Di suatu hotel di Jakarta. Di dalam kamar yang bernomor 1234. Netherlands menaruh syal yang selalu ia pakai di sebuah kursi dan membuka kancing kemeja biru tua yang ia pakai hari itu. Netherlands meneguk segelas air putih dan kemudian langsung berbaring di kasurnya.
Dan sekali lagi, malam ini ia hanya memikirkan satu orang saja. Seorang wanita yang ia 'jajah' selama 3,5 abad. Seorang wanita yang ia sakiti selama itu dan sekaligus wanita yang ia cintai dari dulu sampai sekarang.
"Indonesia..."
Itu namanya. Seorang 'negara' yang sangat cantik, ramah dan akan sedikit kasar bila sesuatu membuatnya marah. Ah, seharusnya kata sedikit itu dihapus saja ya?
"Indonesia..."
Netherlands memanggil namanya lagi. Entah apakah ia memanggil namanya terus menerus supaya Indonesia tiba-tiba muncul di kamarnya ataupun hanya sekedar memanggil namanya itu saja dan mengingat masa lalunya yang ia sangat ingin lupakan dan sekaligus sangat berharga baginya.
Netherlands awalnya datang ke Indonesia hanya untuk memdapatkan rempah-rempah.
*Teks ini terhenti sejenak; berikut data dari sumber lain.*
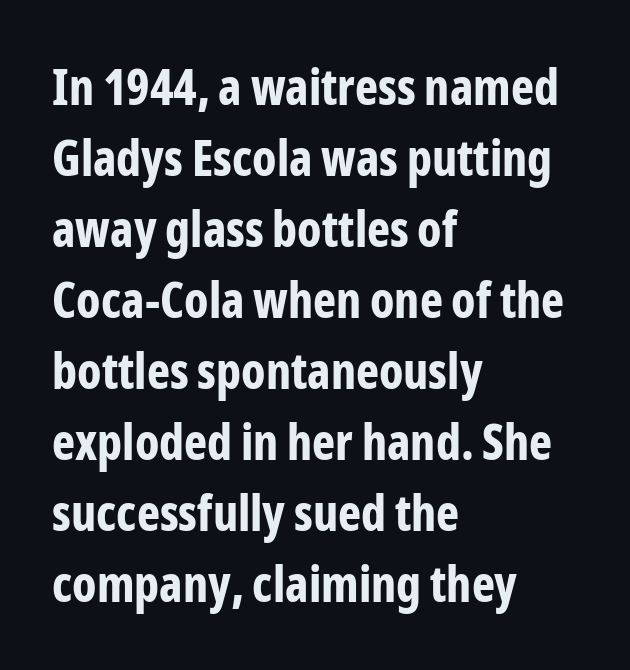
The image shows 49 px bold, condensed sans-serif type, upright; set left-aligned, normal line spacing (1.45x), normal letter spacing, not underlined; low stroke contrast and a medium x-height.
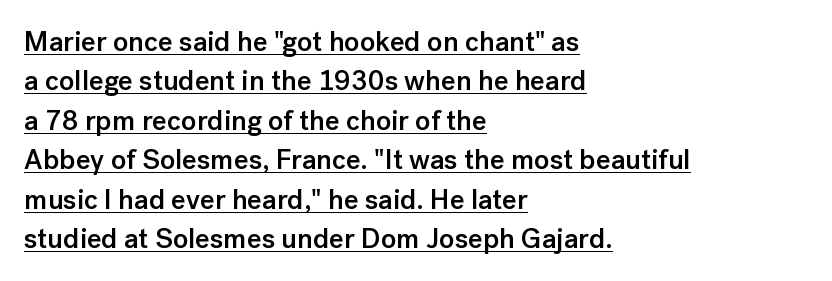
Q: Is the text bold? A: Semi-bold.
Q: Is the text italic (slanted)? A: No, it is upright.
Q: Is the typeface a serif or a sans-serif typeface? A: Sans-serif.
Q: Is the text underlined? A: Yes.
Q: How is the paragraph aligned? A: Left-aligned.
Q: Is the spacing between letters normal or unusually wide? A: Normal.
Q: Is the spacing between lines tight, normal or loose? A: Normal.
Q: Width (condensed, normal, or wide)? A: Normal.
Q: Stroke contrast? A: Low.
Q: x-height? A: Medium.
Q: Monospaced? A: No.
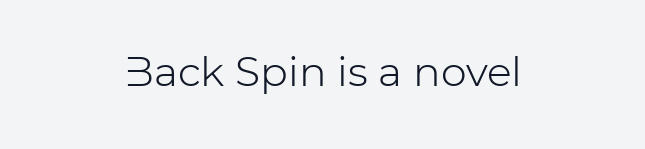
Q: Is the text bold? A: No.
Q: Is the text italic (slanted)? A: No, it is upright.
Q: Is the typeface a serif or a sans-serif typeface? A: Sans-serif.
Q: Is the text underlined? A: No.
Q: How is the paragraph aligned? A: Centered.
Q: Is the spacing between letters normal or unusually wide? A: Normal.
Q: Width (condensed, normal, or wide)? A: Normal.
Q: Stroke contrast? A: Low.
Q: x-height? A: Medium.
Q: Monospaced? A: No.
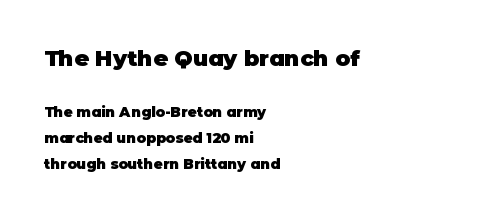
{"italic": "no", "bold": "yes", "underline": "no", "align": "left", "line_spacing_ratio": 1.87, "letter_spacing": "normal", "letter_spacing_em": 0.0, "larger_block": "first", "size_ratio": 1.57, "glyph_px": 22}

Ia sebenarnya tidak tau sejak kapan mulai terjadinya permusuhan antara dia dan Indonesia. Seilir waktu berjalan Netherlands akhirnya menyadari keserakahannya terhadap rempah-rempah yang dimiliki oleh Indonesia.
Tapi apa boleh buat, Netherlands saat itu tidak bisa berbuat apa-apa lagi kecuali mengikuti perintah atasannya yang lebih berkuasa. Netherlands terus menerus melakukan apa yang disuruh oleh atasannya*. Walaupun ada perintah yang sangat ia benci sekalipun. Seperti mengkhianati Indonesia yang dari awal sangat mempercayainya.
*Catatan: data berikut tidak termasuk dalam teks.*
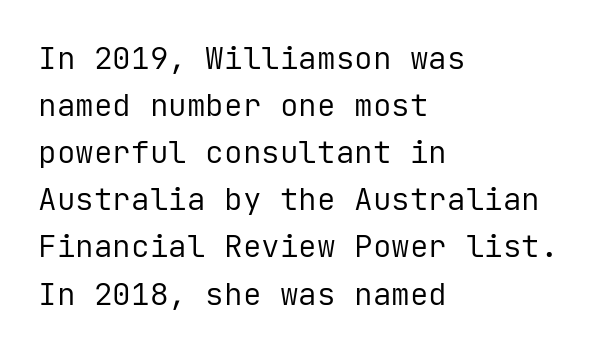
The image shows 31 px regular-weight sans-serif type, upright, monospaced; set left-aligned, normal line spacing (1.52x), normal letter spacing, not underlined; low stroke contrast and a medium x-height.
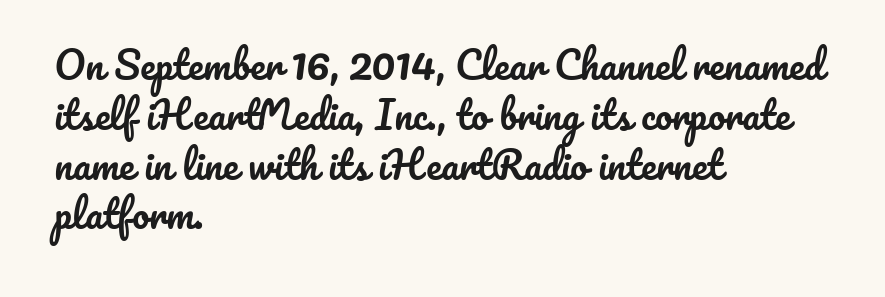
Q: Is the text italic (slanted)? A: Yes.
Q: Is the text underlined? A: No.
Q: How is the paragraph aligned? A: Left-aligned.
Q: Is the spacing between letters normal or unusually wide? A: Normal.
Q: Is the spacing between lines tight, normal or loose? A: Normal.
Q: Width (condensed, normal, or wide)? A: Normal.
Q: Stroke contrast? A: Low.
Q: x-height? A: Small.
Q: Monospaced? A: No.
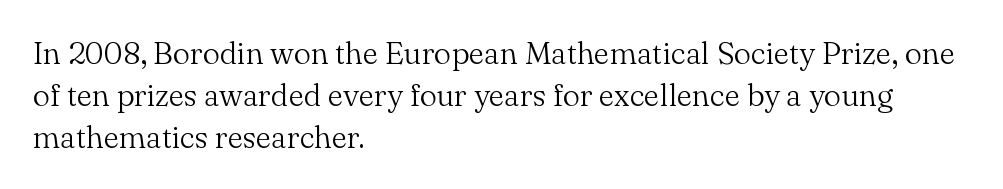
The rows are spaced the way most documents space them. Do the letters lean? They stand straight. The lines are quadded left. No extra tracking has been applied to these lines.
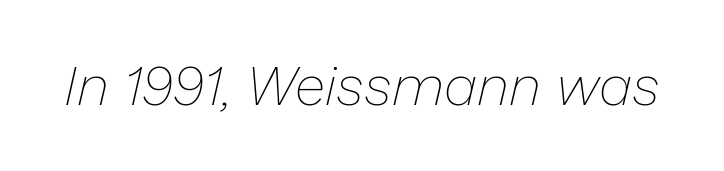
Q: Is the text bold? A: No.
Q: Is the text italic (slanted)? A: Yes, it leans right by about 13 degrees.
Q: Is the text underlined? A: No.
Q: Is the spacing between letters normal or unusually wide? A: Normal.
Q: Width (condensed, normal, or wide)? A: Normal.
Q: Stroke contrast? A: Low.
Q: x-height? A: Medium.
Q: Monospaced? A: No.

'Indonesia terlalu mempercayai orang lain begitu mudah,' pikir Netherlands.
Indonesia benar-benar mempercayainya. Tapi dia yang mengkhianatinya. Semua itu berawal saat Indonesia atau yang saat itu disebut dengan Indie, tidak boleh keluar lagi dari rumahnya. Indie yang mendengar hal itu langsung melakukan apa yang biasanya orang lain lakukan tentunya. Yaitu pergi keluar rumah dan melanggar aturan tersebut**.
Tapi yang dilihat Indie bukanlah sesuatu yang dijanjikan Netherlands dahulu, yaitu ia akan membuat warganya hidup dengan aman dan makmur. Sebaliknya yang dilihat Indie adalah warga yang yang sedang sengsara.
Netherlands yang kebetulan melihat Indie, langsung membawa Indie yang diam membeku pulang kembali ke rumah. Namun saat sampai di rumah Indie langsung pergi ke kamarnya, mengunci pintunya dan tidak keluar dari kamarnya. Hal itu tentunya membuat Netherlands sangat khawatir.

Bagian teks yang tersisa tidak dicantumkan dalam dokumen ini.